▶ _WORK REQUIRED_: All of the entries below need repeating exactly, apart from their images.

[Dataset records]
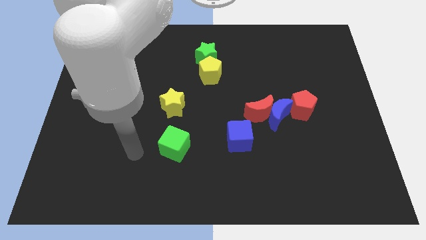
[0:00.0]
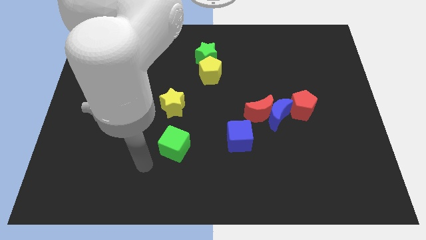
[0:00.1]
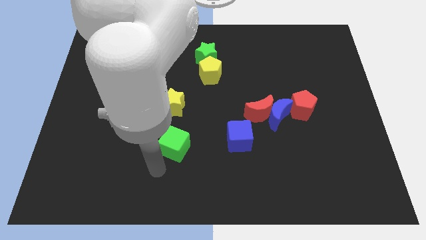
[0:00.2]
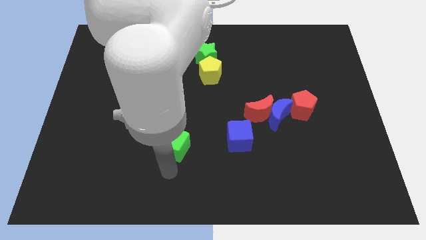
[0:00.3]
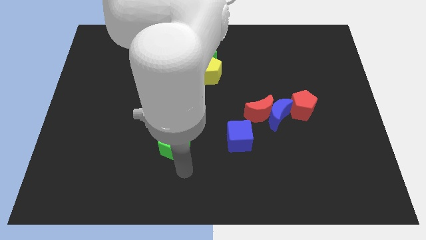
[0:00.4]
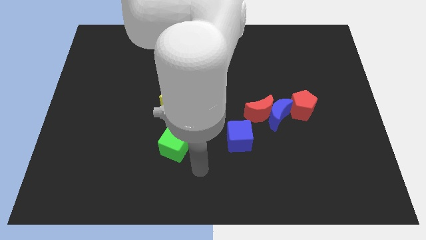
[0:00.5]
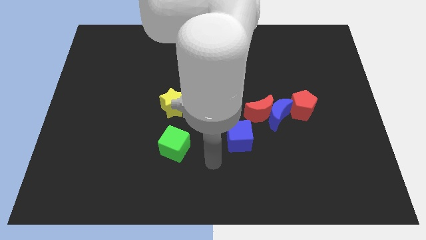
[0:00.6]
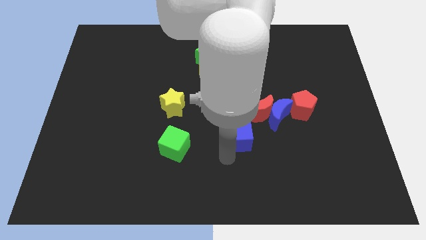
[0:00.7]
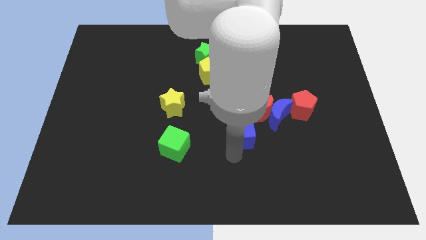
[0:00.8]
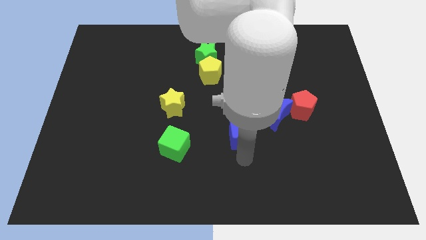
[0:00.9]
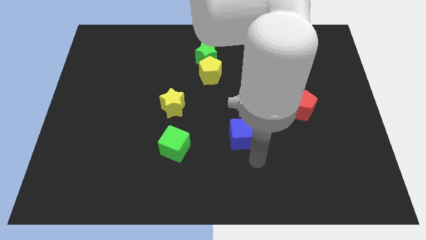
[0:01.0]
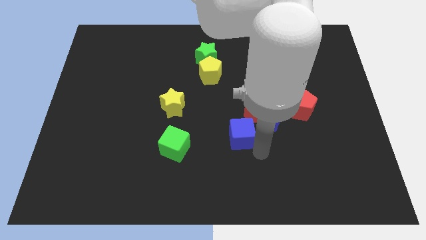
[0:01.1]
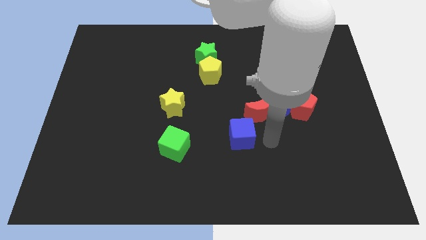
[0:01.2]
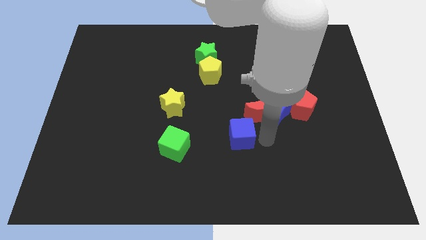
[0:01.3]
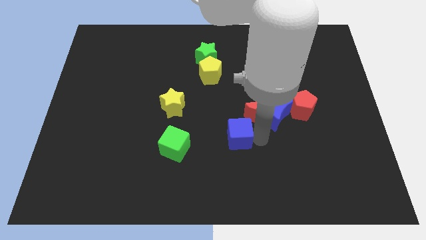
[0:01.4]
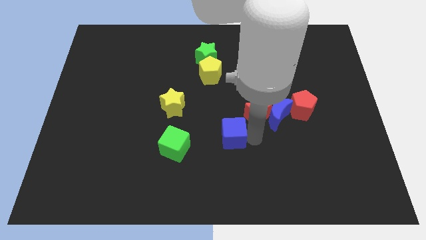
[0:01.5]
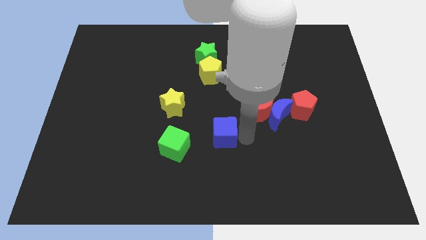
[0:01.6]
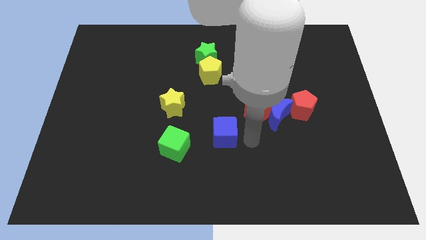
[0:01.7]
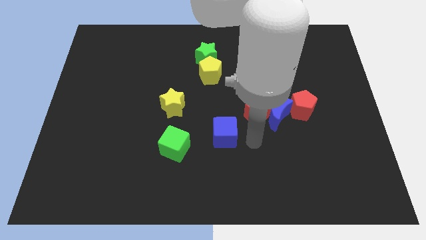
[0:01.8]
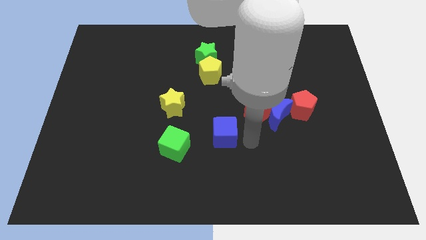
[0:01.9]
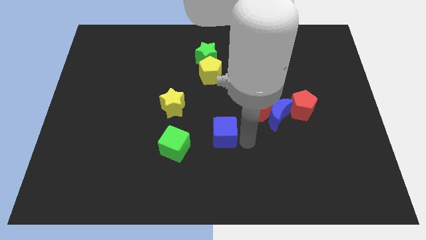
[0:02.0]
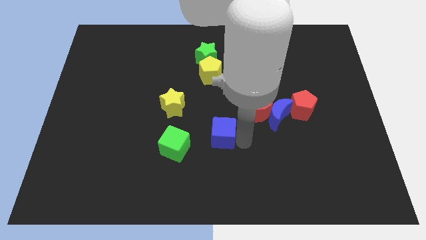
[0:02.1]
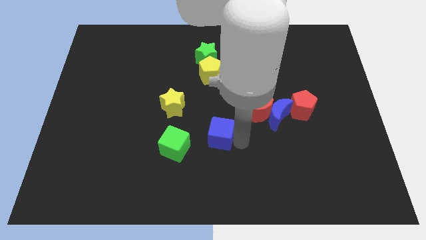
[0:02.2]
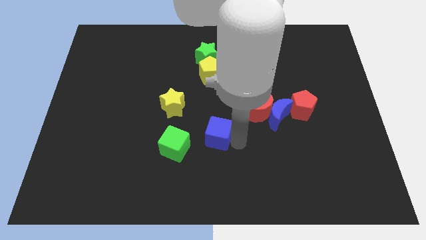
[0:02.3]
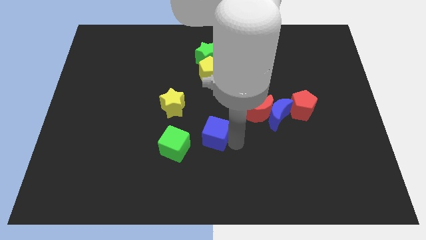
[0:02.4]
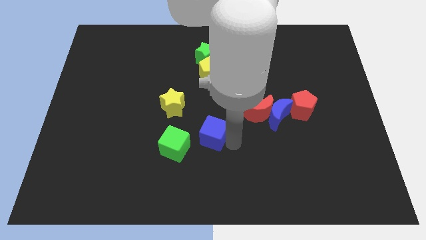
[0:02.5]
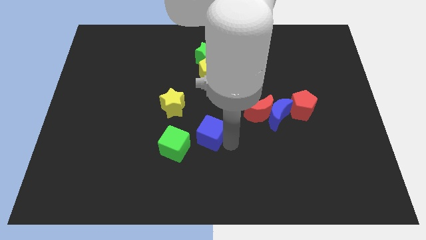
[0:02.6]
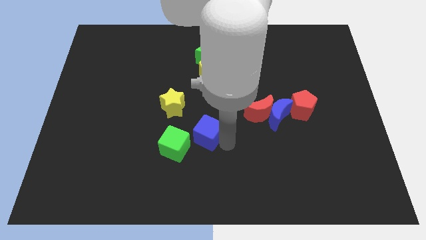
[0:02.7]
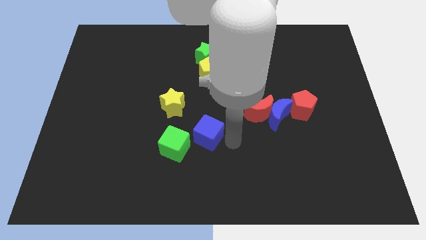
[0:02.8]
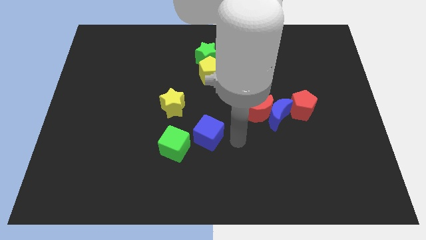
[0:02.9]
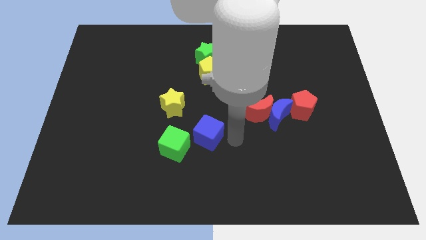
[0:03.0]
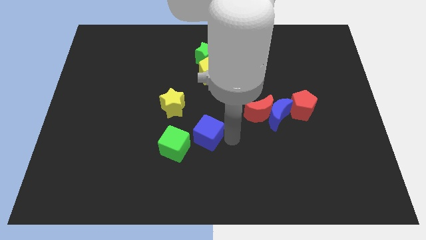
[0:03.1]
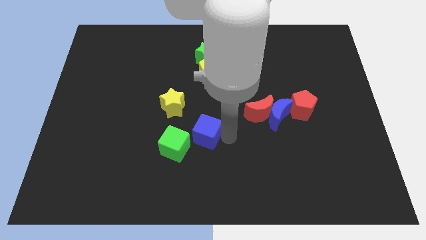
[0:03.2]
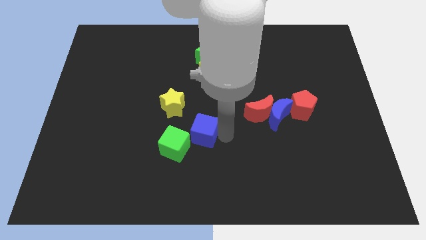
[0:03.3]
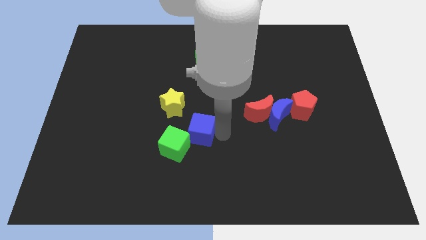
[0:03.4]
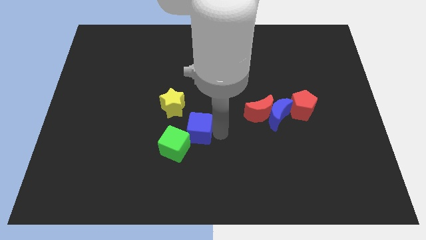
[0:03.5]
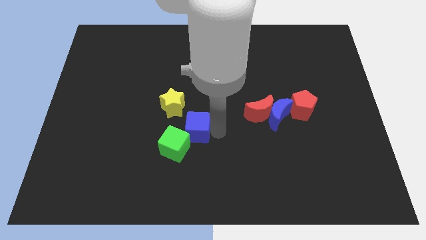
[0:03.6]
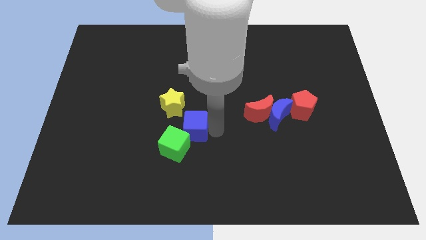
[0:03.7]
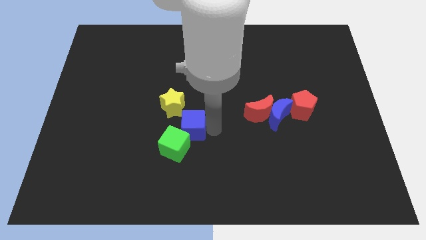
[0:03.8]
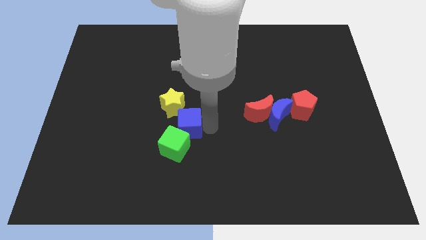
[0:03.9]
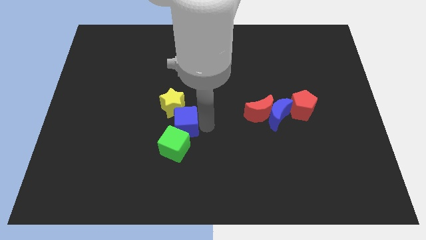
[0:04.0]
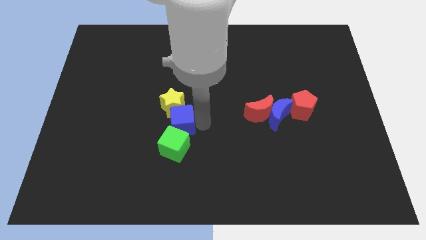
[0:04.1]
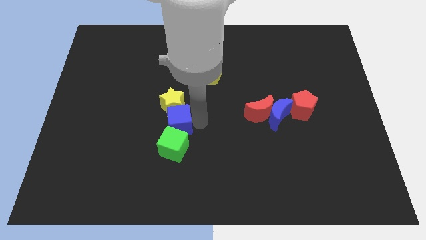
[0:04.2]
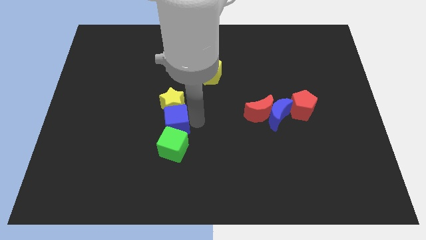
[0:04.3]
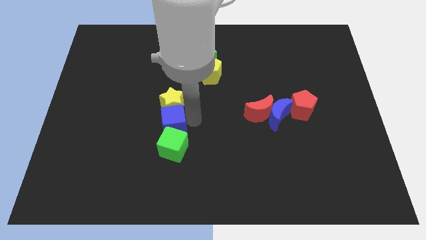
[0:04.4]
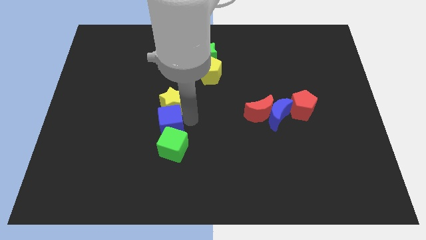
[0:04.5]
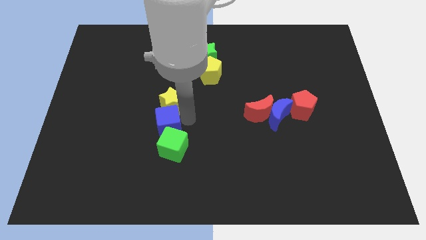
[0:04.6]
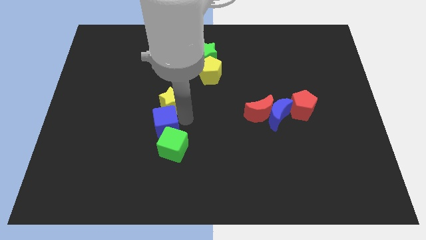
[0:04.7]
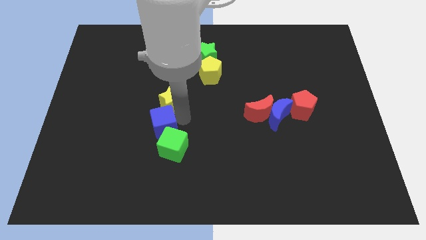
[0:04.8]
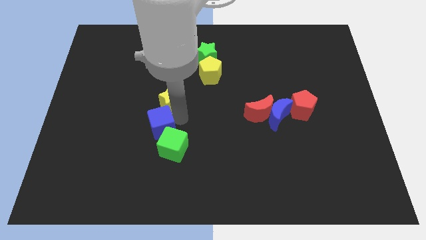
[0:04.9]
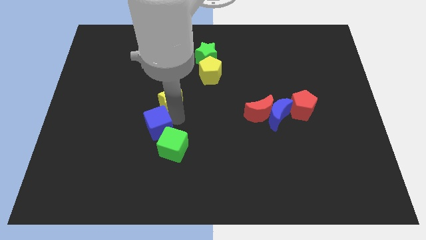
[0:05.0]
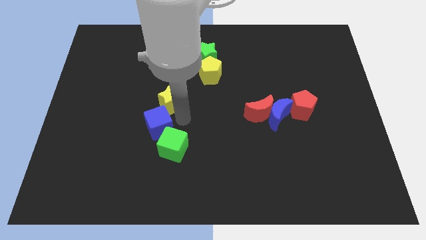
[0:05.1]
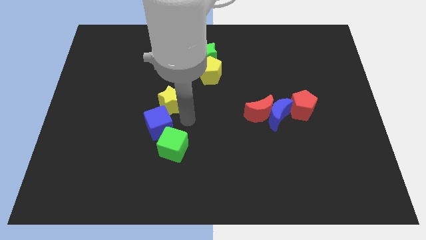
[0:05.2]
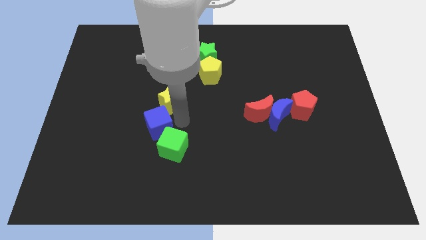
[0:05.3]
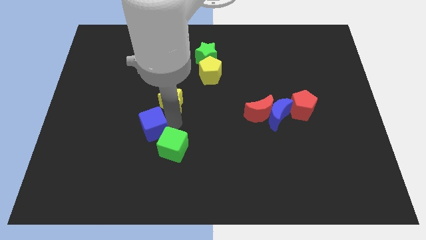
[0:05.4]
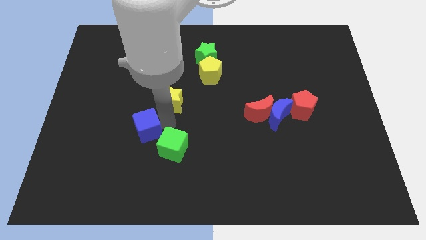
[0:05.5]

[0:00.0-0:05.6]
slide the blue cube left

▶ _TASK RESPONSE_:
[0:00.0]
[0:00.1]
[0:00.2]
[0:00.3]
[0:00.4]
[0:00.5]
[0:00.6]
[0:00.7]
[0:00.8]
[0:00.9]
[0:01.0]
[0:01.1]
[0:01.2]
[0:01.3]
[0:01.4]
[0:01.5]
[0:01.6]
[0:01.7]
[0:01.8]
[0:01.9]
[0:02.0]
[0:02.1]
[0:02.2]
[0:02.3]
[0:02.4]
[0:02.5]
[0:02.6]
[0:02.7]
[0:02.8]
[0:02.9]
[0:03.0]
[0:03.1]
[0:03.2]
[0:03.3]
[0:03.4]
[0:03.5]
[0:03.6]
[0:03.7]
[0:03.8]
[0:03.9]
[0:04.0]
[0:04.1]
[0:04.2]
[0:04.3]
[0:04.4]
[0:04.5]
[0:04.6]
[0:04.7]
[0:04.8]
[0:04.9]
[0:05.0]
[0:05.1]
[0:05.2]
[0:05.3]
[0:05.4]
[0:05.5]

[0:00.0-0:05.6]
slide the blue cube left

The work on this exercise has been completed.